A cervical cerclage is a surgical procedure surgery in which the cervix, that is, the opening to the uterus is stitched closed in order to prevent a premature birth or a miscarriage. 10 percent of all pregnancies end in a premature delivery. The children born prematurely are more prone to health problems like respiratory diseases, infections, and difficulty in regulating body temperature. Preterm births are also responsible for 75 percent deaths in newborns and 85 percent long-term disabilities.
The cervix is usually closed tightly during the tenure of pregnancy and expands when the baby is ready to take birth. An incompetent cervix is vulnerable to dilate prematurely during the second trimester of pregnancy, which can lead to preterm delivery or a miscarriage, as the growing fetus puts too much strain on the cervix. A woman having an incompetent cervix is 3.3 times likely to give birth prematurely. This is the reason why a cervical cerclage is needed.
A doctor may recommend performing a cervical cerclage if there exist one or more of these risk factors: -
· Previous surgery or trauma to the cervix
· Hormonal influences
· A previous premature delivery
· Early ‘breaking of water’
· Abnormalities of the cervix or uterus
Diagnosis or Preparation
Diagnosis for an incompetent cervix is done by manual examination during a pelvic exam or examination using ultrasound technology. A study of medical history is also done for diagnosis. The symptoms that are used to decide the necessity of a cerclage are shortening of the cervix, dilation of the cervix, and 25 percent or more funnelling of the cervix.
· A complete medical history will be taken.
· Usually a transvaginal ultrasound is performed to assess the state of the cervix
· No food or drinks are allowed after the midnight of the day on which surgery is to be performed. This is done to avoid nausea or vomiting.
· Sexual intercourse must be avoided for 24 hours before the procedure. Also, refrain from using tampons and douches.
· An IV catheter will be placed to administer medication and fluids, before the procedure.
Methods of cervical cerclage
1. Shirodkar Cerclage Method: In this method, the doctor pulls the vaginal wall apart to pull the cervix towards him or her and makes an incision into it. Next, the doctor passes a needle with tape through the incision in order to tie the cervix. The stitches pass through the cervix wall so they are uncovered. This method often necessitates a C-section delivery.
2. McDonald Cerclage Method: The doctor, using a needle, places the stitches around the intravaginal segment of the cervix, i.e., the outside of the cervix. The stitches, upon reaching a full term, are removed.
3. Transvaginal Cerclage Method: If the cervix is too short for the performing of the above two methods and vaginal cerclage has failed, this method is used. It is most uncommon and permanent in nature.
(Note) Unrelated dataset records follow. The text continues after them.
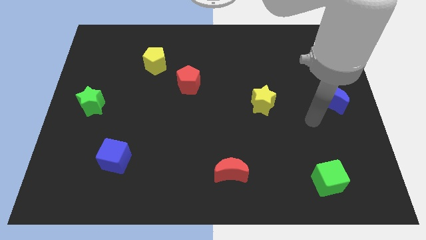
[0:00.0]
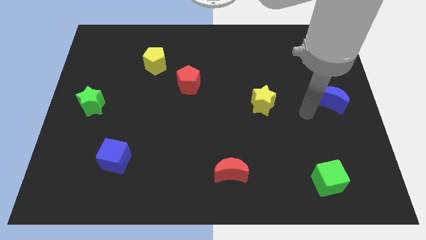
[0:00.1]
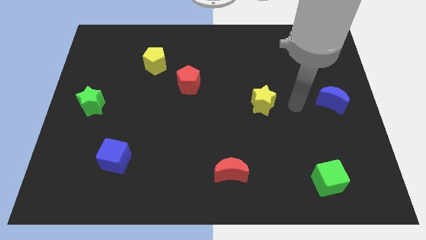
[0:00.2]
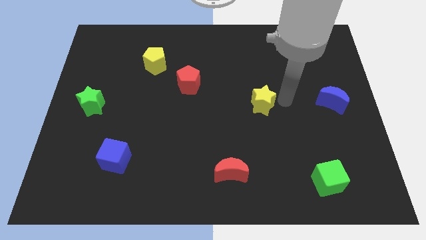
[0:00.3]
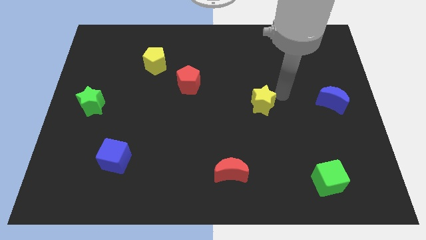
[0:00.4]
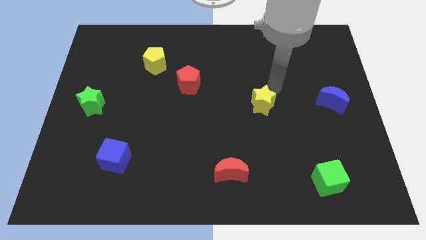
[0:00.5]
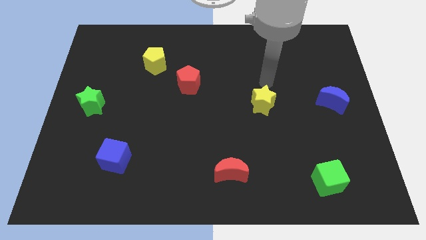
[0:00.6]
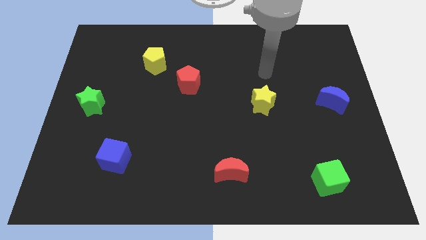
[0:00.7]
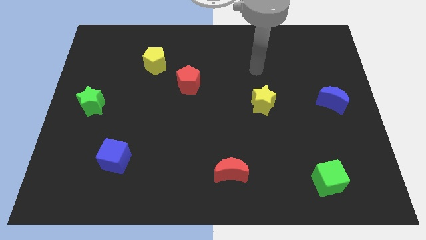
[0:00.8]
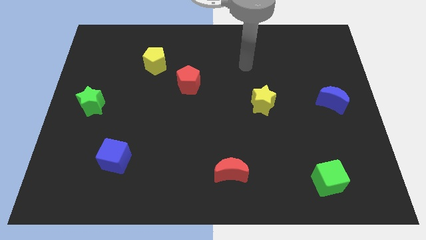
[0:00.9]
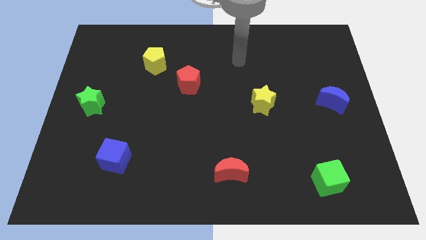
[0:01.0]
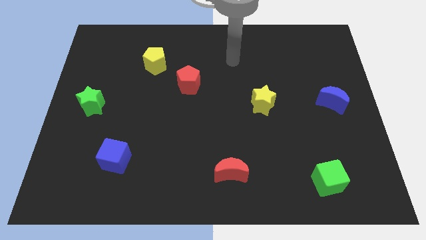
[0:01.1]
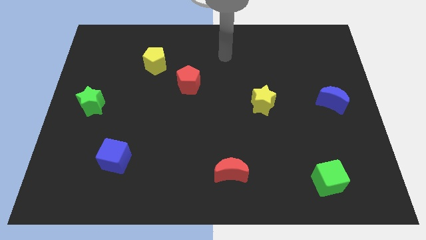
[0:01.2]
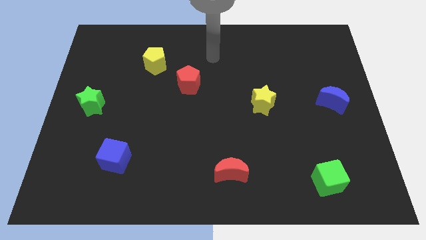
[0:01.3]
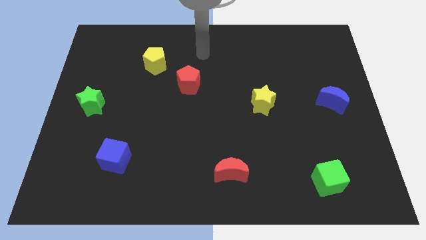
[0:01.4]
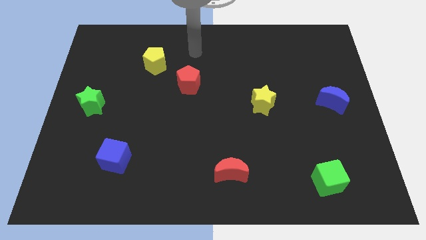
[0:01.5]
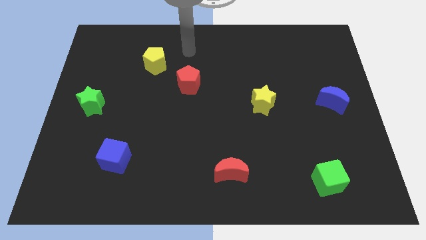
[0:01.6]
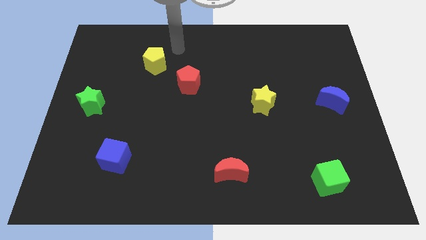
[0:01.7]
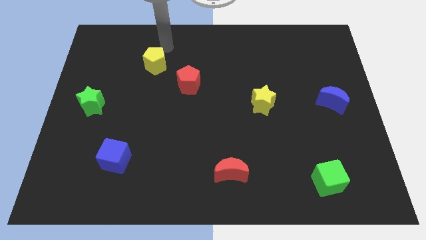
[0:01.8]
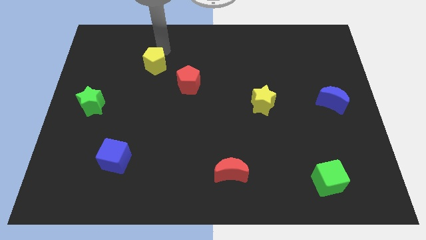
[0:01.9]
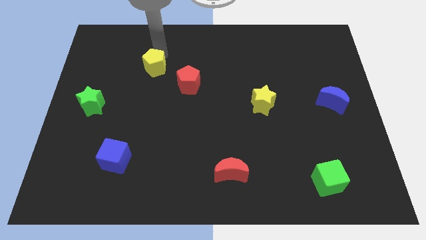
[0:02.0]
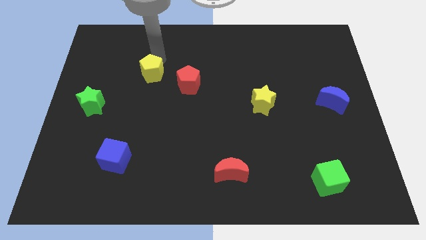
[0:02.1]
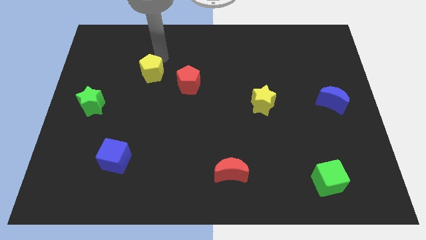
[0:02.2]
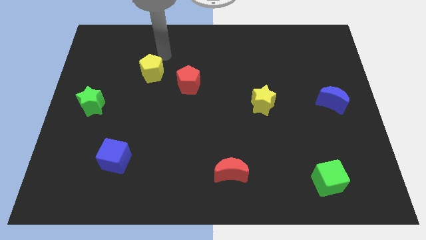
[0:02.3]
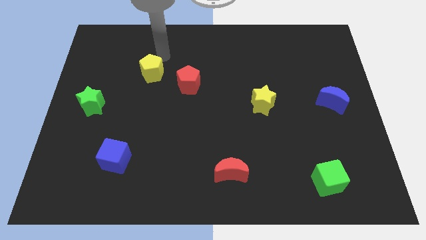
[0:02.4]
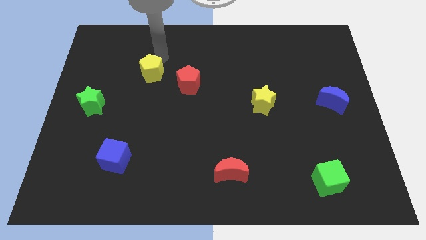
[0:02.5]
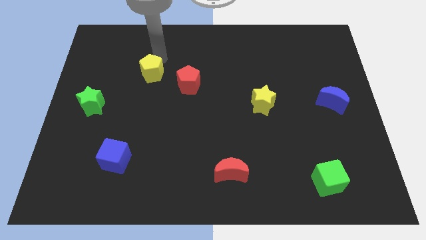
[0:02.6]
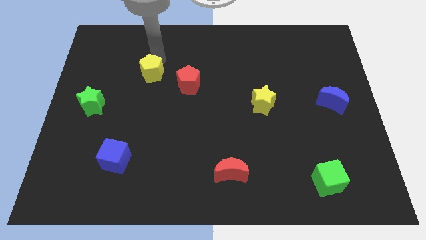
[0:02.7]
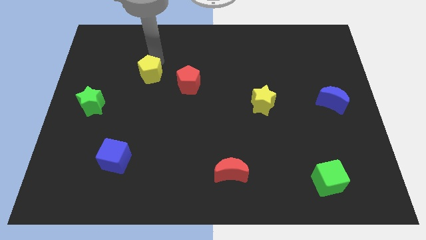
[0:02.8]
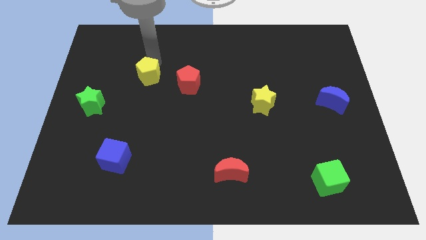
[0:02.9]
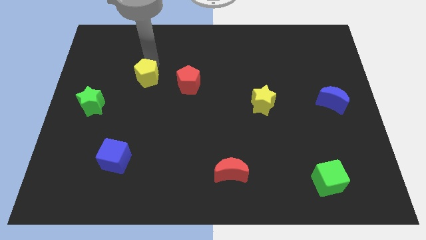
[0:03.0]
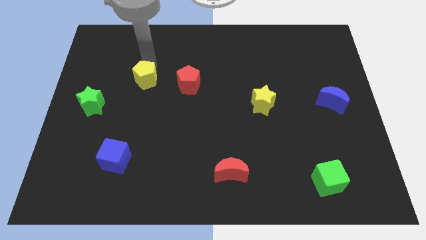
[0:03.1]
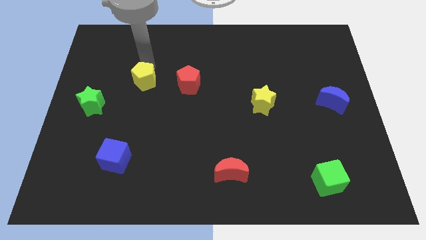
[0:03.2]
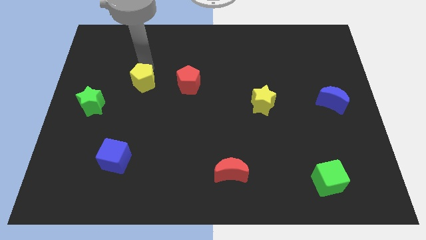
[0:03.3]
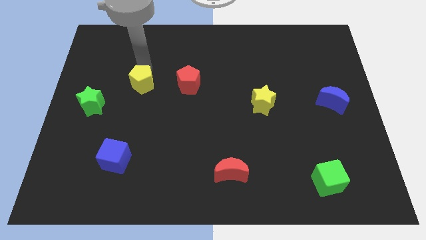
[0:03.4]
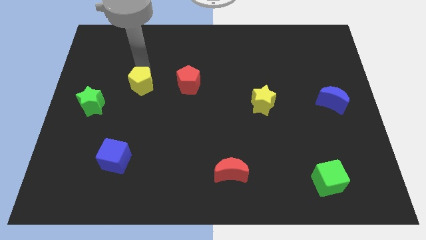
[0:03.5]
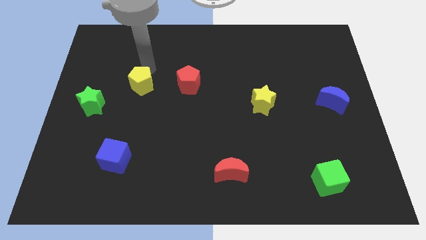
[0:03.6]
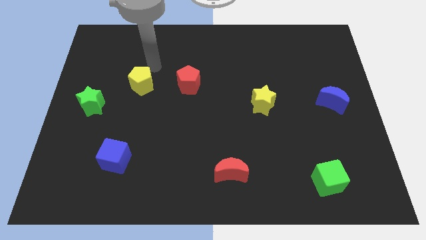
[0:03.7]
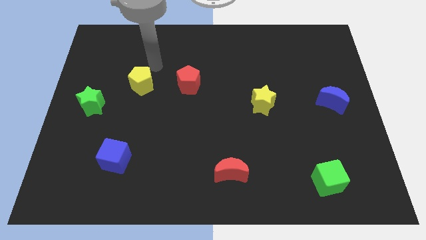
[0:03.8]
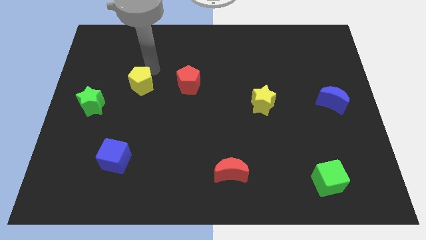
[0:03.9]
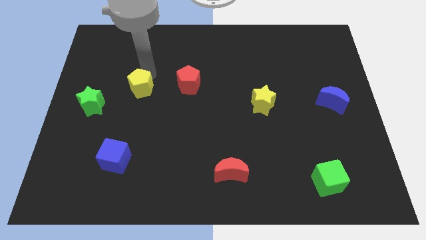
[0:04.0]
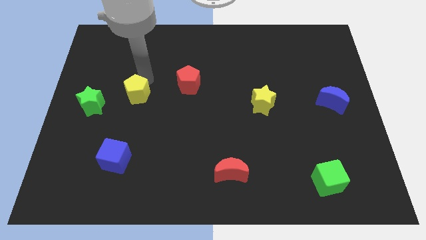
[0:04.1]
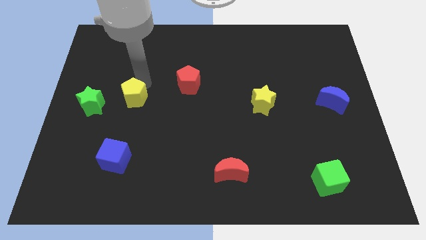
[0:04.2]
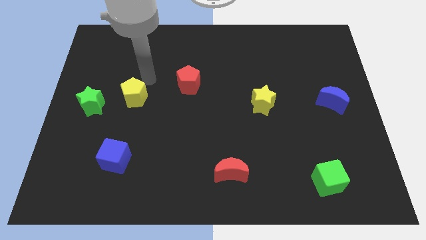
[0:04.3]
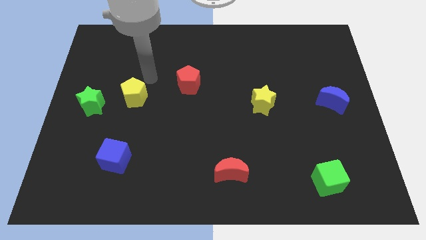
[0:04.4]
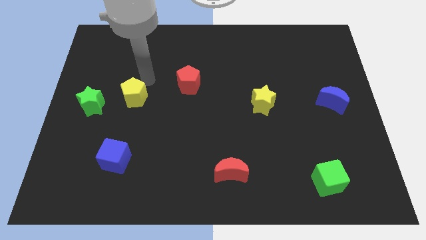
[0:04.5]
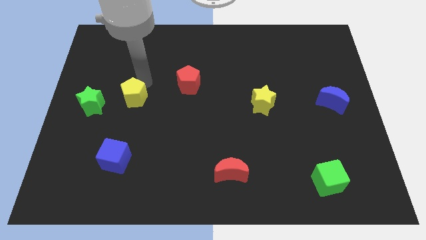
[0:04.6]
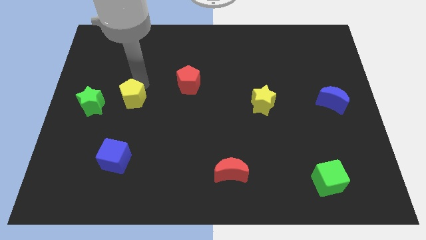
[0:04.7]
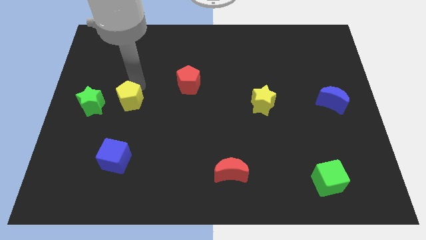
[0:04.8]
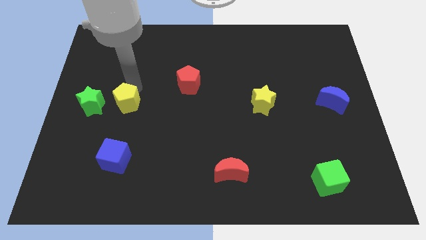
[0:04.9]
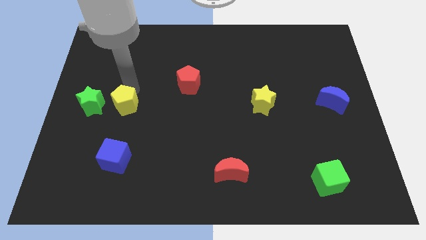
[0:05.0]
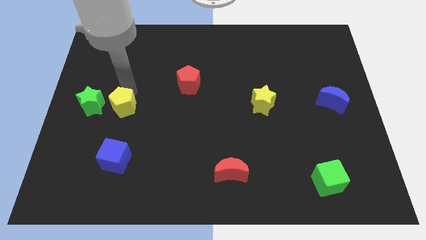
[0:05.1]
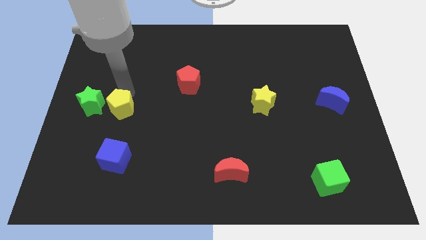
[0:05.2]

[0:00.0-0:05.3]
move the yellow pentagon diagonally down and to the right of the green star

In this procedure, a tape is placed around the cervical passage to tie it. C-section delivery is required in these cases.
· You will be placed under observation to ensure that you do not show any sign of preterm labour.
· Antibiotics and medication may be prescribed to ease the pain and fight infections
· You will be advised to not engage in sexual intercourse and other physical activities for a few weeks after the surgery.
· For a few days of surgery, you may experience vaginal discharge, spotting, or cramps.
· The doctor will check the stitches and look for signs of preterm labour in the follow-up visits.
If you notice any of the symptoms like an infection with fever or chills, or excessive vaginal discharge, pain, or bleeding, or water break, or persistent vomiting or nausea, or contractions and cramps, you need to immediately talk to your doctor. You need to take a good care of yourself and avoid all mental and physical stress.